(Saved data entries)
=-=-=
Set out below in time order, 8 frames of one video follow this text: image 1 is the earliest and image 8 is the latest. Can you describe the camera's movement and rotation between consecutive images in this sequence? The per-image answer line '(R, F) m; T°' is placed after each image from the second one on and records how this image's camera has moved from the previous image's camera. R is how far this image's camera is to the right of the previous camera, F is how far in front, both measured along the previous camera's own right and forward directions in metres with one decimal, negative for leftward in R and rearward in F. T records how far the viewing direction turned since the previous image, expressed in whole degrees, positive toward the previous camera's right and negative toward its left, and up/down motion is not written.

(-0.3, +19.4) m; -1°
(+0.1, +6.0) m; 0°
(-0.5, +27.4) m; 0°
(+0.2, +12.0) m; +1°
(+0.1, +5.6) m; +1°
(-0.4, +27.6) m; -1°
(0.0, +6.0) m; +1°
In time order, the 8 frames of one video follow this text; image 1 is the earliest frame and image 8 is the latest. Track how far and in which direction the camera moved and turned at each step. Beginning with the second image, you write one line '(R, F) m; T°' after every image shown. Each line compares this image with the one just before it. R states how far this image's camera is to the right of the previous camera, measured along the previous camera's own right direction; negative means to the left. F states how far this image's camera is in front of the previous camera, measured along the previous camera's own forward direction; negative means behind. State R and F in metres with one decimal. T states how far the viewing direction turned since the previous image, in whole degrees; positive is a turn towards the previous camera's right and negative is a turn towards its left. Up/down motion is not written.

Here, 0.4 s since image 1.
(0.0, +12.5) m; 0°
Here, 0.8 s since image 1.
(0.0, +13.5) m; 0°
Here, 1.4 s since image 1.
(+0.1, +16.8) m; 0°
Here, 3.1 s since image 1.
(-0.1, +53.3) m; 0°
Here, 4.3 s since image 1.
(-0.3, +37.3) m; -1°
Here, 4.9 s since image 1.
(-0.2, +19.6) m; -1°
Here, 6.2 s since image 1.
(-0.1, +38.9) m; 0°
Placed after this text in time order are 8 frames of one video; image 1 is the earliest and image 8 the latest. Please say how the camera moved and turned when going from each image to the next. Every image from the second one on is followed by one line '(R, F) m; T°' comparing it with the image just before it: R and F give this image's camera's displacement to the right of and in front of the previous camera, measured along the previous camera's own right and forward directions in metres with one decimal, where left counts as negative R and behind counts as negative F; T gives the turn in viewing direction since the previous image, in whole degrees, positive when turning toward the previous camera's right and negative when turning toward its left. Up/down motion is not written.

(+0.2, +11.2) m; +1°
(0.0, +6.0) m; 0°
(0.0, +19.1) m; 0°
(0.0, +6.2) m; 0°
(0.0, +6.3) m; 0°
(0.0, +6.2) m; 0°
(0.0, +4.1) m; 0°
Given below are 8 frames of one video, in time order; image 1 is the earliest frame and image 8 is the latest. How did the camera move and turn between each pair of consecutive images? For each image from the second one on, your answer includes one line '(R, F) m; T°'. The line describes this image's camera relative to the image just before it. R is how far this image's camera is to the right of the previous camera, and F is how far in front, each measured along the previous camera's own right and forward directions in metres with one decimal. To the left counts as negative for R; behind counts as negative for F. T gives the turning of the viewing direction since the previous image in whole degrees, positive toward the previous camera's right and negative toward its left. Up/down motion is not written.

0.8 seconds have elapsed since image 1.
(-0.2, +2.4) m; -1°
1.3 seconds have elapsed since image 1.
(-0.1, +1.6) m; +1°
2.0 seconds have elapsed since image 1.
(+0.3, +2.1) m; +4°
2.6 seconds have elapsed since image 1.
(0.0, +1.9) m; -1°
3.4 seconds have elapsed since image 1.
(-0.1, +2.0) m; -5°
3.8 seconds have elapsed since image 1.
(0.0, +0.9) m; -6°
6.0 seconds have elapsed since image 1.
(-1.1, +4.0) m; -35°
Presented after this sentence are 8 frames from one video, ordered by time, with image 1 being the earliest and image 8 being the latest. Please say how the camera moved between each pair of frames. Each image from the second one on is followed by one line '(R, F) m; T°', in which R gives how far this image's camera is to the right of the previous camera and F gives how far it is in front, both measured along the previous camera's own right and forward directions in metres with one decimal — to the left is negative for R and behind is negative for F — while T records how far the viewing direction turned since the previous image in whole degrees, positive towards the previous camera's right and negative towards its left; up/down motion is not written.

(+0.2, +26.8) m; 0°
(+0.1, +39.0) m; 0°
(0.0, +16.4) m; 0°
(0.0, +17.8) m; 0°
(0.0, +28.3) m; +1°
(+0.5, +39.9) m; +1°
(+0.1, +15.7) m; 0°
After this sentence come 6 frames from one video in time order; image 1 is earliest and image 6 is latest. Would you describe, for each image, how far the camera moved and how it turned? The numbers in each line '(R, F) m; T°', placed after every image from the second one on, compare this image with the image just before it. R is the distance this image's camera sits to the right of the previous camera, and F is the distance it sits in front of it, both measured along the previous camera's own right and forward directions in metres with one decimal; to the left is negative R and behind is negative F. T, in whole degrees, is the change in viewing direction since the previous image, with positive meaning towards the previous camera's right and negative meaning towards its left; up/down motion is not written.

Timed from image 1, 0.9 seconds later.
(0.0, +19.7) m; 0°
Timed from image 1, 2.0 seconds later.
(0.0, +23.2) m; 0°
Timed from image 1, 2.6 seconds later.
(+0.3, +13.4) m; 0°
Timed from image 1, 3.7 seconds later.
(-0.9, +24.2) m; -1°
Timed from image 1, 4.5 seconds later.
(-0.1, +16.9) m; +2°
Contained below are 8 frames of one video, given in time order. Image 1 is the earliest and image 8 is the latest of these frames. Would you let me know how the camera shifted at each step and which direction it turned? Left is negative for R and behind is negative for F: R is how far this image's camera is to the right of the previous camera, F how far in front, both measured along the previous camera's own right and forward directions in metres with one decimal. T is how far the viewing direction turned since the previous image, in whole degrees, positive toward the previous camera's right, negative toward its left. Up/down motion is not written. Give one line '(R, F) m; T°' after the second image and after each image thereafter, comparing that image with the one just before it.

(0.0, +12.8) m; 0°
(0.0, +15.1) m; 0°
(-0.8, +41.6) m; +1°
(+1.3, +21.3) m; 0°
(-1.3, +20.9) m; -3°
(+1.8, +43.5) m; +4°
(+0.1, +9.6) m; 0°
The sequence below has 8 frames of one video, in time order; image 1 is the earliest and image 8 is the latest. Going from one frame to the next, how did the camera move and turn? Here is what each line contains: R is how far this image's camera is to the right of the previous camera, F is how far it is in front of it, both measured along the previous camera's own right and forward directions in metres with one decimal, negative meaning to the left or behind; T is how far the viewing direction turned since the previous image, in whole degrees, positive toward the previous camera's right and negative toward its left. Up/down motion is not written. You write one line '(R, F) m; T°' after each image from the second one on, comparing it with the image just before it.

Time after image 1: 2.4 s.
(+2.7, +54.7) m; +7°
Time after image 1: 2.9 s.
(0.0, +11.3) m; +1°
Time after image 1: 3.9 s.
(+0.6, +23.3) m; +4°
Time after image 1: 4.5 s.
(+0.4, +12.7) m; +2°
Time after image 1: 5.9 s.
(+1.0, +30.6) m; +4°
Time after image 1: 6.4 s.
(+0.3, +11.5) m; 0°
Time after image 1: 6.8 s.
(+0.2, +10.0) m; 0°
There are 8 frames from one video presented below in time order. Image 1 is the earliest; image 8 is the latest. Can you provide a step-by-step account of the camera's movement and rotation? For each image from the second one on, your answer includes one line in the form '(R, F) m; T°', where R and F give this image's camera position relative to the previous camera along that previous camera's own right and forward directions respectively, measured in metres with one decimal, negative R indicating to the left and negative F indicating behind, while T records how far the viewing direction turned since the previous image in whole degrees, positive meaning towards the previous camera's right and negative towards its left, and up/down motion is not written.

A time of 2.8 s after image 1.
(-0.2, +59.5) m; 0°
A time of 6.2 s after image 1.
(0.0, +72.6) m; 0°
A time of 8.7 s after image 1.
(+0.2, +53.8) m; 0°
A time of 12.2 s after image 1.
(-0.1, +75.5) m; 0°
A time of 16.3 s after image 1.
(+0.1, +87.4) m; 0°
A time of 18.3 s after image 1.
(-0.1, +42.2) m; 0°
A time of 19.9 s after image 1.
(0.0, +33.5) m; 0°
=-=-=
▶ [WHAT TO DO] An exact restatement of the lines from the one with "A time of 6.2 s after image 1." through the last line of the data is the only acceptable answer.

▶ [WRITTEN ANSWER]
A time of 6.2 s after image 1.
(0.0, +72.6) m; 0°
A time of 8.7 s after image 1.
(+0.2, +53.8) m; 0°
A time of 12.2 s after image 1.
(-0.1, +75.5) m; 0°
A time of 16.3 s after image 1.
(+0.1, +87.4) m; 0°
A time of 18.3 s after image 1.
(-0.1, +42.2) m; 0°
A time of 19.9 s after image 1.
(0.0, +33.5) m; 0°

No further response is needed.